E così ancora spazio e lustro per il modulo tanto caro ad Antonio Conte, quello dei successi bianconeri più grandi. In campionato, con il 3-5-2 organizzato dal tecnico leccese, gli avversari erano quasi sempre spacciati. La Juve di Allegri prende appunti e si è adeguata. Allegri vuole giocare un calcio molto offensivo? allora dentro Cuadrado e Alex Sandro; vuole invece presentarsi sul terreno di gioco in modo più prudente? spazio allora a Lichtsteiner ed Evra. Oppure la soluzione di mezzo, perchè, come dicevano i latini, in medio stat virtus: un esterno d’attacco (Cuadrado) e uno di difesa (Evra). Ed il gioco è fatto. La Juve cambia pelle a gara in corso e per gli avversari, ora, sono davvero dolori. Te li vedi arrivare da tutte le parti, quelli della Juve: e ora non sai più come fermarli.

Ma l’insidia è sempre dietro l’angolo: questa Juve, ancora, non sembra avere quella foga agonistica, quella fame di vittorie, quell’esasperazione che era propria della Juve di Conte. Quindi occhi aperti e massimo impegno, sempre e comunque. La sensazione è che questa Juve, appena dovesse avere un calo di concentrazione, potrebbe ripiombare nell’abulico tunnel di inizio stagione. Spetterà ad Allegri tenere tutti sulla corda. Non è un martello come il suo collega Conte, ma ormai Max conosce alla perfezione le caratteristiche di tutti i suoi giocatori. E dovrà sempre motivarli al massimo.

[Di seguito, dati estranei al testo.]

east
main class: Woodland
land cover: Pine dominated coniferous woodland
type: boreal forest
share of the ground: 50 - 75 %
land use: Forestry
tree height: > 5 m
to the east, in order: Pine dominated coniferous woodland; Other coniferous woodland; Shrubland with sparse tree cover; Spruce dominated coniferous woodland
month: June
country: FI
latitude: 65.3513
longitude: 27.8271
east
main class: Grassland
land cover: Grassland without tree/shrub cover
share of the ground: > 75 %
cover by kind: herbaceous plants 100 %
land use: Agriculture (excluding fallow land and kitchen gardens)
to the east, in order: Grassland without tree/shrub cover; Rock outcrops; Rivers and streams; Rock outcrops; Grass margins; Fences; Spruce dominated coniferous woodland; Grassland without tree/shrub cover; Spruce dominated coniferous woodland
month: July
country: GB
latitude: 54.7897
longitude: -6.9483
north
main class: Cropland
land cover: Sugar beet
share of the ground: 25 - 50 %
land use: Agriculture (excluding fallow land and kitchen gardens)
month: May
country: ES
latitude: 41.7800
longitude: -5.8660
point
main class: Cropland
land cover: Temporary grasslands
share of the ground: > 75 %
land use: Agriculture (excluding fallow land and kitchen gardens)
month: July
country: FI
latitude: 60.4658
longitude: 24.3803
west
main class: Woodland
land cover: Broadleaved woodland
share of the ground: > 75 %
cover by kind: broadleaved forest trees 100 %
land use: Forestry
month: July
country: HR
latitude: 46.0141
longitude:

Perchè gli impegni sono tanti e tutti molto ravvicinati. Un po’ di respiro, ora, dopo l’ottimo cammino di Champions che fa già intravedere alla Juve gli ottavi di finale. Ma adesso è il campionato l’obiettivo numero uno. La china è risalita, la Juve ora è dove più le compete. Ma la scalata deve continuare. Sarebbe una rimonta clamorosa. Continuare a stupire è nelle corde dello squadrone bianconero. Anche senza Tevez, Vidal, Pirlo. Perchè c’è un Pogba in crescita (ma sarà pesantissima la sua assenza venerdì contro la Lazio) e un Dybala che sa far tutto, attaccante completo sia come prima che come seconda punta che svaria su tutto il fronte offensivo.
Già, la partita dell’Olimpico contro una Lazio che sembra in crisi. Diffida, Juve, da chi ti dice che sarà una gara facile.